Şimdi yine o evdeyim. Mevsimlerden yaz. Ne evin sahibi olan adam yanımda, ne de o zamanlar kalbimde olan adam kalbimde. Kafam rahat, hayatım gıcır. Sağlığım yerinde. Oh, maşallah. Var tabii eksikler, şehre dönünce yapılması gerekenler ama hakikaten hiç derdim değil. Şimdi mis gibi bir banyodan sonra yaban güllü ( markası Lavera, tavsiye ederim hanımlar ) kremimin  kokusuna karışan rüzgar sesiyle Sapanca gölü manzaramın tadını çıkartıyorum. Az sonra yeşil çayım da gelince daha ne isterim ki?
Uzun zamandır bu kadar huzurlu ve neşeli değildim. Sanki huzurumu umutsuz bir hikaye ile takas ettiğim o uğursuz Nisan gecesiyle hayatım tepe taklak olmuştu. Dünya tekrar dönmeyecek diye o kadar korktum ki.

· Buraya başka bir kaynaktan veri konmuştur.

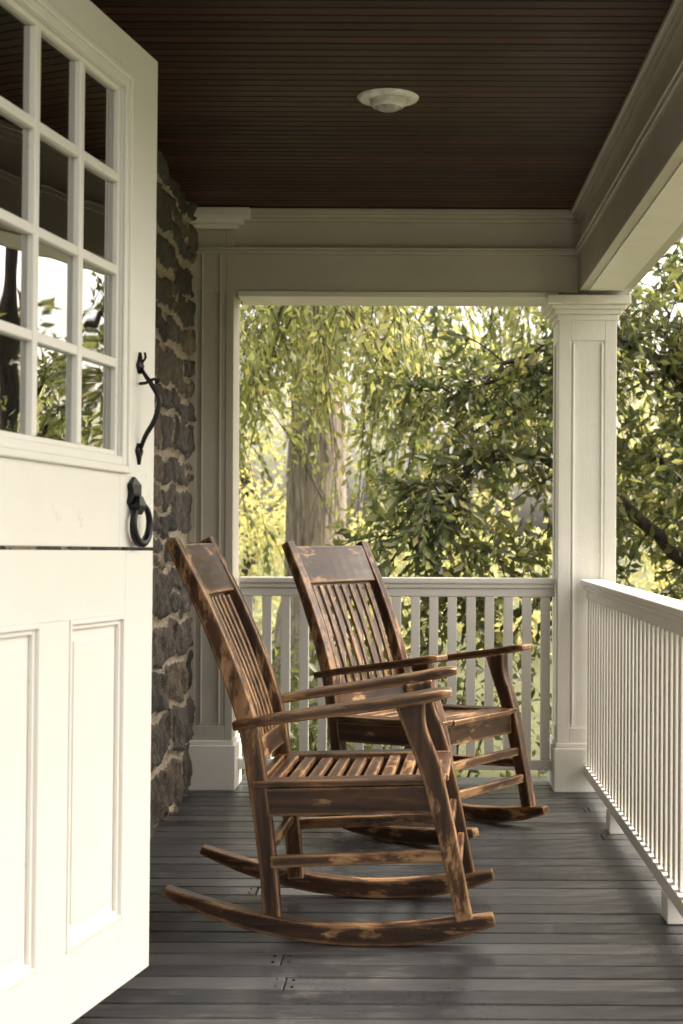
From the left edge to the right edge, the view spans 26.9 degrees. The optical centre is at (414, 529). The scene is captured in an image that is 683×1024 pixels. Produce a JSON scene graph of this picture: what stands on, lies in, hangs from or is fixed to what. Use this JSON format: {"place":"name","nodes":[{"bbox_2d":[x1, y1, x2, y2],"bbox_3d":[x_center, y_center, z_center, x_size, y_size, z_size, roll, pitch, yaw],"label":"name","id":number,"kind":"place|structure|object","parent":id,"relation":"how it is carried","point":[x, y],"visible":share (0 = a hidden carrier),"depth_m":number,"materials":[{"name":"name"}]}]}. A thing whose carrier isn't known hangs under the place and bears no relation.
{"place":"outdoors","nodes":[
{"label":"outdoors","id":0,"kind":"place"},
{"bbox_2d":[239,535,682,777],"bbox_3d":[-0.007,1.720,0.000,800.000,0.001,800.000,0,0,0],"label":"ground","id":1,"kind":"structure","parent":0,"point":[535,725],"depth_m":18.78,"materials":[{"name":"green plant"}]},
{"bbox_2d":[238,622,551,777],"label":"shrubs","id":2,"kind":"object","parent":1,"relation":"on","point":[294,673],"visible":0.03,"depth_m":7.91,"materials":[{"name":"green plant"}]},
{"bbox_2d":[239,281,682,706],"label":"weeping tree","id":3,"kind":"object","parent":1,"relation":"on","point":[318,436],"visible":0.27,"depth_m":10.62,"materials":[{"name":"green plant"}]},
{"bbox_2d":[239,311,682,662],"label":"distant trees","id":4,"kind":"object","parent":1,"relation":"on","point":[249,559],"visible":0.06,"depth_m":22.77,"materials":[{"name":"green plant"}]},
{"bbox_2d":[292,241,682,773],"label":"magnolia tree","id":5,"kind":"object","parent":1,"relation":"on","point":[448,499],"visible":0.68,"depth_m":8.67,"materials":[{"name":"green plant"}]},
{"bbox_2d":[239,238,682,536],"label":"sky","id":6,"kind":"structure","parent":0,"point":[649,279],"materials":[{"name":"white"}]},
{"bbox_3d":[-0.036,1.416,2.390,1.860,0.568,7.780,0,0,0],"label":"skirt","id":7,"kind":"object","parent":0,"visible":0},
{"bbox_2d":[71,776,682,1023],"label":"porch floor","id":8,"kind":"structure","parent":7,"relation":"on","point":[581,931],"depth_m":3.80,"materials":[{"name":"grey paint"}]},
{"bbox_2d":[0,150,198,837],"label":"stone wall","id":9,"kind":"structure","parent":8,"relation":"on","point":[173,708],"depth_m":5.47,"materials":[{"name":"grey stone"}]},
{"bbox_2d":[0,550,152,1023],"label":"leaf","id":10,"kind":"object","parent":9,"relation":"attached to","point":[53,592],"visible":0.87,"depth_m":2.79,"materials":[{"name":"paint"}]},
{"bbox_2d":[0,614,125,994],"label":"panels","id":11,"kind":"object","parent":10,"relation":"attached to","point":[95,779],"visible":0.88,"depth_m":2.83,"materials":[{"name":"paint"}]},
{"bbox_2d":[0,0,157,546],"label":"leaf","id":12,"kind":"object","parent":9,"relation":"attached to","point":[46,504],"visible":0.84,"depth_m":3.02,"materials":[{"name":"paint"}]},
{"bbox_2d":[0,0,135,473],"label":"window muntins","id":13,"kind":"object","parent":12,"relation":"attached to","point":[29,445],"depth_m":2.83,"materials":[{"name":"paint"}]},
{"bbox_2d":[0,1,113,448],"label":"glass panes","id":14,"kind":"object","parent":13,"relation":"attached to","point":[56,217],"visible":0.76,"depth_m":2.75,"materials":[{"name":"clear glass"}]},
{"bbox_2d":[127,477,152,547],"bbox_3d":[-0.598,-0.038,3.094,0.033,0.154,0.088,0,-1,11],"label":"ring pull","id":15,"kind":"object","parent":12,"relation":"attached to","point":[137,504],"visible":1,"depth_m":3.07,"materials":[{"name":"black metal"}]},
{"bbox_2d":[135,352,161,464],"bbox_3d":[-0.582,-0.267,3.114,0.050,0.248,0.034,0,-1,11],"label":"thumb latch","id":16,"kind":"object","parent":12,"relation":"attached to","point":[149,381],"visible":1,"depth_m":3.11,"materials":[{"name":"black metal"}]},
{"bbox_2d":[188,207,250,790],"bbox_3d":[-0.826,-0.126,6.077,0.263,2.442,0.305,0,0,0],"label":"wall pilaster","id":17,"kind":"object","parent":9,"relation":"attached to","point":[215,749],"depth_m":6.00,"materials":[{"name":"white wood"}]},
{"bbox_2d":[196,208,581,298],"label":"end beam","id":18,"kind":"structure","parent":9,"relation":"attached to","point":[401,250],"depth_m":6.00,"materials":[{"name":"paint"}]},
{"bbox_2d":[238,291,558,306],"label":"soffit","id":19,"kind":"structure","parent":18,"relation":"on","point":[352,298],"depth_m":6.03,"materials":[{"name":"white paint"}]},
{"bbox_2d":[162,537,494,945],"bbox_3d":[-0.216,0.560,4.021,0.887,1.077,0.675,0,0,3],"label":"rocking chair","id":20,"kind":"object","parent":8,"relation":"on","point":[416,784],"visible":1,"depth_m":3.78,"materials":[{"name":"brown wood"}]},
{"bbox_2d":[238,576,555,769],"bbox_3d":[-0.079,0.651,6.105,1.352,0.894,0.096,0,0,0],"label":"porch railing","id":21,"kind":"object","parent":8,"relation":"on","point":[452,589],"visible":0.48,"depth_m":6.09,"materials":[{"name":"white paint"}]},
{"bbox_2d":[282,541,548,844],"bbox_3d":[-0.007,0.572,5.276,0.869,1.056,0.661,0,0,35],"label":"rocking chair","id":22,"kind":"object","parent":8,"relation":"on","point":[309,566],"visible":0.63,"depth_m":5.29,"materials":[{"name":"brown wood"}]},
{"bbox_2d":[248,808,585,987],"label":"nail heads","id":23,"kind":"object","parent":8,"relation":"on","point":[291,955],"visible":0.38,"depth_m":3.61,"materials":[{"name":"grey metal"}]},
{"bbox_2d":[548,735,594,791],"bbox_3d":[0.720,1.000,6.105,0.272,0.204,0.272,0,0,0],"label":"base","id":24,"kind":"object","parent":8,"relation":"on","point":[566,772],"visible":0.45,"depth_m":5.97,"materials":[{"name":"white paint"}]},
{"bbox_2d":[552,320,616,742],"bbox_3d":[0.724,0.008,6.105,0.244,1.810,0.248,0,0,0],"label":"shaft","id":25,"kind":"object","parent":24,"relation":"on","point":[584,438],"visible":0.77,"depth_m":5.99,"materials":[{"name":"white paint"}]},
{"bbox_2d":[541,295,630,328],"bbox_3d":[0.728,-0.932,6.105,0.348,0.100,0.348,0,0,0],"label":"capital","id":26,"kind":"object","parent":25,"relation":"on","point":[555,309],"visible":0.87,"depth_m":5.95,"materials":[{"name":"white paint"}]},
{"bbox_2d":[571,0,682,294],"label":"side beam","id":27,"kind":"structure","parent":26,"relation":"on","point":[637,161],"depth_m":4.46,"materials":[{"name":"paint"}]},
{"bbox_2d":[90,0,672,208],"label":"beadboard","id":28,"kind":"object","parent":27,"relation":"on","point":[518,104],"visible":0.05,"depth_m":4.41,"materials":[{"name":"brown wood"}]},
{"bbox_2d":[357,88,418,112],"bbox_3d":[-0.084,-1.328,4.440,0.194,0.044,0.194,0,0,0],"label":"ceiling light","id":29,"kind":"object","parent":28,"relation":"attached to","point":[388,100],"visible":1,"depth_m":4.40,"materials":[{"name":"white glass"}]},
{"bbox_2d":[590,160,682,289],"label":"soffit","id":30,"kind":"structure","parent":27,"relation":"attached to","point":[660,221],"depth_m":4.82,"materials":[{"name":"white paint"}]},
{"bbox_2d":[580,579,682,923],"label":"porch railing","id":31,"kind":"object","parent":8,"relation":"on","point":[633,771],"visible":1,"depth_m":4.57,"materials":[{"name":"white paint"}]}
]}

Zaman zaman derinleşen karamsarlığımla başa çıkamadığım, yediğimle içtiğimle, uykumla savaştığım günler yaşadım. Kıymetsiz, beş para etmez hissettiğim saatlerin altında ezildim, pestil oldum. Hastalandım. Başa çıkamayacağımı zannedip zırıl zırıl ağladım. Ama geçti.

Ölümün nefesini saçlarımın arasında duydum duyalı hayat hiç olmadığı kadar anlamlı, hiç yaşamadığım kadar değerli. Toprağın üzerinde olduğum her dakika bir mucize!Hala genç ve güzelim. Yaşasın:)))

ÖNEMLİ NOT. BUGÜN KÜLKEDİSİ'NİN DOĞUMGÜNÜ VE BEN ONU ÇOK SEVİYORUM.  İYİ Kİ DOĞMUŞ, İYİ Kİ KARŞILAŞMIŞIZ.